* _WHAT IS REQUIRED_
All lines holding the word "UNSPECIFIED" should be located in the records and copied.

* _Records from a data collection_
Segment Open

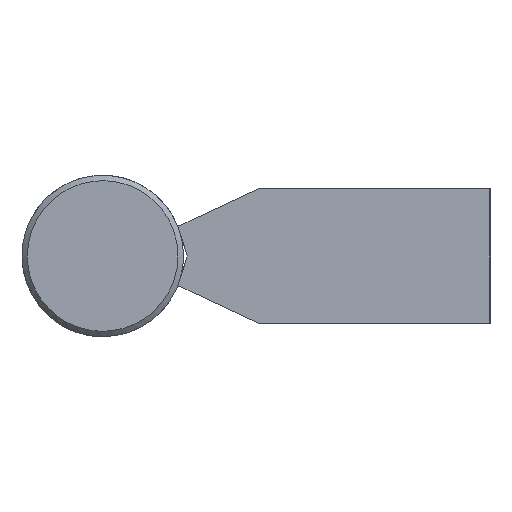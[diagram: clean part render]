
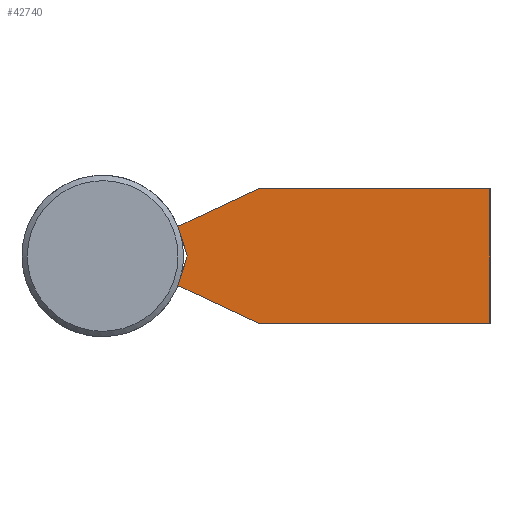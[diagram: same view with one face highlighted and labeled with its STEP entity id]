
A CAD part, left-side view. The second image highlights one B-rep face of the part: STEP entity #42740.
In plain terms, the highlighted free-form (B-spline) face has degree [1, 1] with [2, 2] control points.
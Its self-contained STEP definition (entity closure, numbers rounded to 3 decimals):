
#4150 = CARTESIAN_POINT ('', (0., 43.005, 12.5));
#4160 = VERTEX_POINT ('', #4150);
#4170 = CARTESIAN_POINT ('', (0., 58.017, 5.5));
#4180 = VERTEX_POINT ('', #4170);
#4190 = CARTESIAN_POINT ('', (0., 43.005, 12.5));
#4200 = CARTESIAN_POINT ('', (0., 48.009, 10.167));
#4210 = CARTESIAN_POINT ('', (0., 53.013, 7.833));
#4220 = CARTESIAN_POINT ('', (0., 58.017, 5.5));
#4230 = B_SPLINE_CURVE_WITH_KNOTS ('', 3, (#4190, #4200, #4210, #4220), .UNSPECIFIED., .F., .U., (4, 4), (0., 1.), .UNSPECIFIED.);
#4240 = EDGE_CURVE ('', #4160, #4180, #4230, .T.);
#4870 = CARTESIAN_POINT ('', (0., 0., 12.5));
#4880 = VERTEX_POINT ('', #4870);
#4890 = CARTESIAN_POINT ('', (0., 0., 12.5));
#4900 = CARTESIAN_POINT ('', (0., 43.005, 12.5));
#4910 = B_SPLINE_CURVE_WITH_KNOTS ('', 1, (#4890, #4900), .UNSPECIFIED., .F., .U., (2, 2), (0., 1.), .UNSPECIFIED.);
#4920 = EDGE_CURVE ('', #4880, #4160, #4910, .T.);
#8730 = CARTESIAN_POINT ('', (0., 43.005, -12.5));
#8740 = VERTEX_POINT ('', #8730);
#8750 = CARTESIAN_POINT ('', (0., 0., -12.5));
#8760 = VERTEX_POINT ('', #8750);
#8770 = CARTESIAN_POINT ('', (0., 43.005, -12.5));
#8780 = CARTESIAN_POINT ('', (0., 0., -12.5));
#8790 = B_SPLINE_CURVE_WITH_KNOTS ('', 1, (#8770, #8780), .UNSPECIFIED., .F., .U., (2, 2), (0., 1.), .UNSPECIFIED.);
#8800 = EDGE_CURVE ('', #8740, #8760, #8790, .T.);
#22790 = CARTESIAN_POINT ('', (0., 58.017, -5.5));
#22800 = VERTEX_POINT ('', #22790);
#22810 = CARTESIAN_POINT ('', (0., 58.017, -5.5));
#22820 = CARTESIAN_POINT ('', (0., 53.013, -7.833));
#22830 = CARTESIAN_POINT ('', (0., 48.009, -10.167));
#22840 = CARTESIAN_POINT ('', (0., 43.005, -12.5));
#22850 = B_SPLINE_CURVE_WITH_KNOTS ('', 3, (#22810, #22820, #22830, #22840), .UNSPECIFIED., .F., .U., (4, 4), (0., 1.), .UNSPECIFIED.);
#22860 = EDGE_CURVE ('', #22800, #8740, #22850, .T.);
#33020 = CARTESIAN_POINT ('', (0., 0., -12.5));
#33030 = CARTESIAN_POINT ('', (0., 0., 12.5));
#33040 = B_SPLINE_CURVE_WITH_KNOTS ('', 1, (#33020, #33030), .UNSPECIFIED., .F., .U., (2, 2), (0., 1.), .UNSPECIFIED.);
#33050 = EDGE_CURVE ('', #8760, #4880, #33040, .T.);
#42180 = CARTESIAN_POINT ('', (0., 56.283, 0.));
#42190 = VERTEX_POINT ('', #42180);
#42200 = CARTESIAN_POINT ('', (0., 56.283, 0.));
#42210 = CARTESIAN_POINT ('', (0., 56.861, -1.833));
#42220 = CARTESIAN_POINT ('', (0., 57.439, -3.667));
#42230 = CARTESIAN_POINT ('', (0., 58.017, -5.5));
#42240 = B_SPLINE_CURVE_WITH_KNOTS ('', 3, (#42200, #42210, #42220, #42230), .UNSPECIFIED., .F., .U., (4, 4), (0., 1.), .UNSPECIFIED.);
#42250 = EDGE_CURVE ('', #42190, #22800, #42240, .T.);
#42420 = CARTESIAN_POINT ('', (0., 58.017, 5.5));
#42430 = CARTESIAN_POINT ('', (0., 57.439, 3.667));
#42440 = CARTESIAN_POINT ('', (0., 56.861, 1.833));
#42450 = CARTESIAN_POINT ('', (0., 56.283, 0.));
#42460 = B_SPLINE_CURVE_WITH_KNOTS ('', 3, (#42420, #42430, #42440, #42450), .UNSPECIFIED., .F., .U., (4, 4), (0., 1.), .UNSPECIFIED.);
#42470 = EDGE_CURVE ('', #4180, #42190, #42460, .T.);
#42600 = ORIENTED_EDGE ('', *, *, #22860, .T.);
#42610 = ORIENTED_EDGE ('', *, *, #8800, .T.);
#42620 = ORIENTED_EDGE ('', *, *, #33050, .T.);
#42630 = ORIENTED_EDGE ('', *, *, #4920, .T.);
#42640 = ORIENTED_EDGE ('', *, *, #4240, .T.);
#42650 = ORIENTED_EDGE ('', *, *, #42470, .T.);
#42660 = ORIENTED_EDGE ('', *, *, #42250, .T.);
#42670 = EDGE_LOOP ('', (#42600, #42610, #42620, #42630, #42640, #42650, #42660));
#42680 = FACE_OUTER_BOUND ('', #42670, .T.);
#42690 = CARTESIAN_POINT ('', (0., 0., -12.5));
#42700 = CARTESIAN_POINT ('', (0., 58.365, -12.5));
#42710 = CARTESIAN_POINT ('', (0., 0., 12.5));
#42720 = CARTESIAN_POINT ('', (0., 58.365, 12.5));
#42730 = B_SPLINE_SURFACE_WITH_KNOTS ('', 1, 1, ((#42690, #42700), (#42710, #42720)), .UNSPECIFIED., .F., .F., .U., (2, 2), (2, 2), (0., 1.), (0., 1.), .UNSPECIFIED.);
#42740 = ADVANCED_FACE ('', (#42680), #42730, .T.);

Segment Closed

* _RESULT FOR THIS TASK_
#4230 = B_SPLINE_CURVE_WITH_KNOTS ('', 3, (#4190, #4200, #4210, #4220), .UNSPECIFIED., .F., .U., (4, 4), (0., 1.), .UNSPECIFIED.);
#4910 = B_SPLINE_CURVE_WITH_KNOTS ('', 1, (#4890, #4900), .UNSPECIFIED., .F., .U., (2, 2), (0., 1.), .UNSPECIFIED.);
#8790 = B_SPLINE_CURVE_WITH_KNOTS ('', 1, (#8770, #8780), .UNSPECIFIED., .F., .U., (2, 2), (0., 1.), .UNSPECIFIED.);
#22850 = B_SPLINE_CURVE_WITH_KNOTS ('', 3, (#22810, #22820, #22830, #22840), .UNSPECIFIED., .F., .U., (4, 4), (0., 1.), .UNSPECIFIED.);
#33040 = B_SPLINE_CURVE_WITH_KNOTS ('', 1, (#33020, #33030), .UNSPECIFIED., .F., .U., (2, 2), (0., 1.), .UNSPECIFIED.);
#42240 = B_SPLINE_CURVE_WITH_KNOTS ('', 3, (#42200, #42210, #42220, #42230), .UNSPECIFIED., .F., .U., (4, 4), (0., 1.), .UNSPECIFIED.);
#42460 = B_SPLINE_CURVE_WITH_KNOTS ('', 3, (#42420, #42430, #42440, #42450), .UNSPECIFIED., .F., .U., (4, 4), (0., 1.), .UNSPECIFIED.);
#42730 = B_SPLINE_SURFACE_WITH_KNOTS ('', 1, 1, ((#42690, #42700), (#42710, #42720)), .UNSPECIFIED., .F., .F., .U., (2, 2), (2, 2), (0., 1.), (0., 1.), .UNSPECIFIED.);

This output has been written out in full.